L’horloge continuait son décompte. Bientôt, ils devraient tous retourner dans la solitude de leur cabine individuelle, tandis que le vaisseau entamerait sa décélération afin d’arriver aux portes du système Ulubis à temps pour la bataille.
* * *
Le Rovruetz , le vaisseau sépulcral de Cineropolis, tournait très lentement sous le Velpin tout en se dirigeant vers son système cible et une moisson prometteuse. Le Velpin , tous les senseurs en éveil, était positionné au-dessus de la face externe de la roue. Fassin et Y’sul étaient de retour à bord. On leur avait montré le corps sans vie de Leisicrofe, pris dans la glace d’un large couloir sombre en compagnie d’une demi-douzaine d’Habitants décédés.
— Parfaitement préservé, comme vous pouvez le voir, avait fait remarquer le Neuvième Lapidaire. J’espère que cet emplacement vous semble approprié, avait ajouté l’officier Ythyn, encore sous le choc du malentendu concernant le motif de leur visite.
— Donc, il est mort ? avait demandé Y’sul.
— Oui, très soudainement, semble-t-il. Nous l’avons trouvé, qui dérivait avec son scaphandre quelques jours seulement après son arrivée. Il avait émis le souhait de cartographier ces couloirs, de noter l’emplacement des différents groupes et espèces. Nous n’y voyions aucun inconvénient.
Comme il n’était pas permis d’utiliser des réacteurs à l’intérieur du vaisseau sépulcral, Y’sul avançait en se propulsant à l’aide de ses bras articulés. Une manœuvre maladroite l’avait projeté juste à côté du cadavre quasi nu, puisque seul un carré de tissu lui dissimulait le moyeu.
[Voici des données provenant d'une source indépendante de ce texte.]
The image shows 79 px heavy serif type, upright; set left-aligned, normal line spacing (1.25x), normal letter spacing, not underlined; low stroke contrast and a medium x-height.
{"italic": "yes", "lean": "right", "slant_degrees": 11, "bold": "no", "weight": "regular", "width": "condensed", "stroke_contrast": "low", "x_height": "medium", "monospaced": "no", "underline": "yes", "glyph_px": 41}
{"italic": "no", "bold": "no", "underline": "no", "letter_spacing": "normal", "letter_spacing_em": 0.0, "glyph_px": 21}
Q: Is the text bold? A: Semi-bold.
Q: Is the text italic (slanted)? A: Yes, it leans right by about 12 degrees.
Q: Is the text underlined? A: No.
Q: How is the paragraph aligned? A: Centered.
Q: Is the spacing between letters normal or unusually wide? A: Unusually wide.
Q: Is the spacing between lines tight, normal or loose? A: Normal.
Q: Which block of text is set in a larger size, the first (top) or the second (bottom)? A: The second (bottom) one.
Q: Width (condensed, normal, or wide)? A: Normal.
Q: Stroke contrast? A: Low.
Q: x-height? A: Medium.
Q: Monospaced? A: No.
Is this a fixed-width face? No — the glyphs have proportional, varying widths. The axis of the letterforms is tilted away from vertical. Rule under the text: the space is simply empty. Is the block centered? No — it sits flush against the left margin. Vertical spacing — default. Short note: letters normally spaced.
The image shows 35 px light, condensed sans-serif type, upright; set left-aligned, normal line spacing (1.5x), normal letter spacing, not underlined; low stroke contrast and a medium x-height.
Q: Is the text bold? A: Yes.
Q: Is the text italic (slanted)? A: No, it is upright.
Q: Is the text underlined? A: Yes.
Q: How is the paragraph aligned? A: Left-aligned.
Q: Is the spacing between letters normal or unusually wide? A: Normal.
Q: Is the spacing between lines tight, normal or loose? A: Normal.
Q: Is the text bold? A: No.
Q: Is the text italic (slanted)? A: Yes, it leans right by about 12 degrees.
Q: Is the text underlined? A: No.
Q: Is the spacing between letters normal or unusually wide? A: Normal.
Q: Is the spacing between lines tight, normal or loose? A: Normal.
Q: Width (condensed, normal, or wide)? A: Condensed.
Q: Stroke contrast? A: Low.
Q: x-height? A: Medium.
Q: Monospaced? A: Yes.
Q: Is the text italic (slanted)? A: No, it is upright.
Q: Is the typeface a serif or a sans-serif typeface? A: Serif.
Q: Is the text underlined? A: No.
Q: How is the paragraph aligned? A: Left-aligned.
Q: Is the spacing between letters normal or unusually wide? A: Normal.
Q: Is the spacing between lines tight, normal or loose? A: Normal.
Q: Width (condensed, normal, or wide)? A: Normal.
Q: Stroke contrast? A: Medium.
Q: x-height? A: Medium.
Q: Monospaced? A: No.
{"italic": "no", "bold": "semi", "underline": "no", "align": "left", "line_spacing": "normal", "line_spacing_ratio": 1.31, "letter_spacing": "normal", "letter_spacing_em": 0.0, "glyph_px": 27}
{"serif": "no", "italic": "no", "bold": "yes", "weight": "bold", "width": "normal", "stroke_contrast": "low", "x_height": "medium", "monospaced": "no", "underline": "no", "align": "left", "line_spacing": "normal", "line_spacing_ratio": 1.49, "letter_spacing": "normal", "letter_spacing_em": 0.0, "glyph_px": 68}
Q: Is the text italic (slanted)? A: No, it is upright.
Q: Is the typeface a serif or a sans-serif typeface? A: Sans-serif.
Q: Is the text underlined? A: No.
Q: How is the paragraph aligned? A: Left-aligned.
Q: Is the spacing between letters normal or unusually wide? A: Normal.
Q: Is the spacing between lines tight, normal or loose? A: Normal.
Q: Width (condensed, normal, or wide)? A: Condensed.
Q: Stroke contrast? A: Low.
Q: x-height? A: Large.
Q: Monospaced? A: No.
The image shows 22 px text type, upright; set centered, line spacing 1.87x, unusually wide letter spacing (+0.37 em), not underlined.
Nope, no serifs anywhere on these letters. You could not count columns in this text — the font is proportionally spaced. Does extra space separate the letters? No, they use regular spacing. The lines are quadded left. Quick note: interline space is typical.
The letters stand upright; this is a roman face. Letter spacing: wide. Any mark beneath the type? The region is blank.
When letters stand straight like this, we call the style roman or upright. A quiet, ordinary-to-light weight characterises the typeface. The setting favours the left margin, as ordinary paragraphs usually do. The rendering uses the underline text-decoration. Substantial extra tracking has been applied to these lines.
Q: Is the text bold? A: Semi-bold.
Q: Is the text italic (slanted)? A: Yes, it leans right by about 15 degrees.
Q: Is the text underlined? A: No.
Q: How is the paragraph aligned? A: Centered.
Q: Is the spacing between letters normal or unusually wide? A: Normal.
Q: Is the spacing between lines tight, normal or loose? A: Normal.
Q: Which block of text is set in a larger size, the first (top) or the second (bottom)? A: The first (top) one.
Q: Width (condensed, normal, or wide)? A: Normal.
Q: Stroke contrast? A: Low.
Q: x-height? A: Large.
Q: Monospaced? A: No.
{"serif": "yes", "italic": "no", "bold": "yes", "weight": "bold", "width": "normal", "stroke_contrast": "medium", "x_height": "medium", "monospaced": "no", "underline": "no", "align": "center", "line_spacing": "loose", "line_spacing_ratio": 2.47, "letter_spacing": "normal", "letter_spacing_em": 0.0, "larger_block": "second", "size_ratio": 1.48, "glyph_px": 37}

— Franchement, je ne peux pas dire s’il s’agit de Leisicrofe ou pas, avait dit l’Habitant. Mais c’est un congénère, probablement de Nasqueron. Je puis également assurer qu’il est mort…
— Aucun signe de… quelque chose ?
Y’sul avait inspecté le corps en l’inondant de lumière et en mettant à profit ses radars. Puis il avait soulevé le carré de tissu qui couvrait le moyeu de la victime, l’avait secoué vigoureusement, avant de le remettre en place et d’examiner l’arrière du cadavre, là où il était collé à la glace, juste au moment où Fassin s’attendait à ce que leur hôte émette une objection.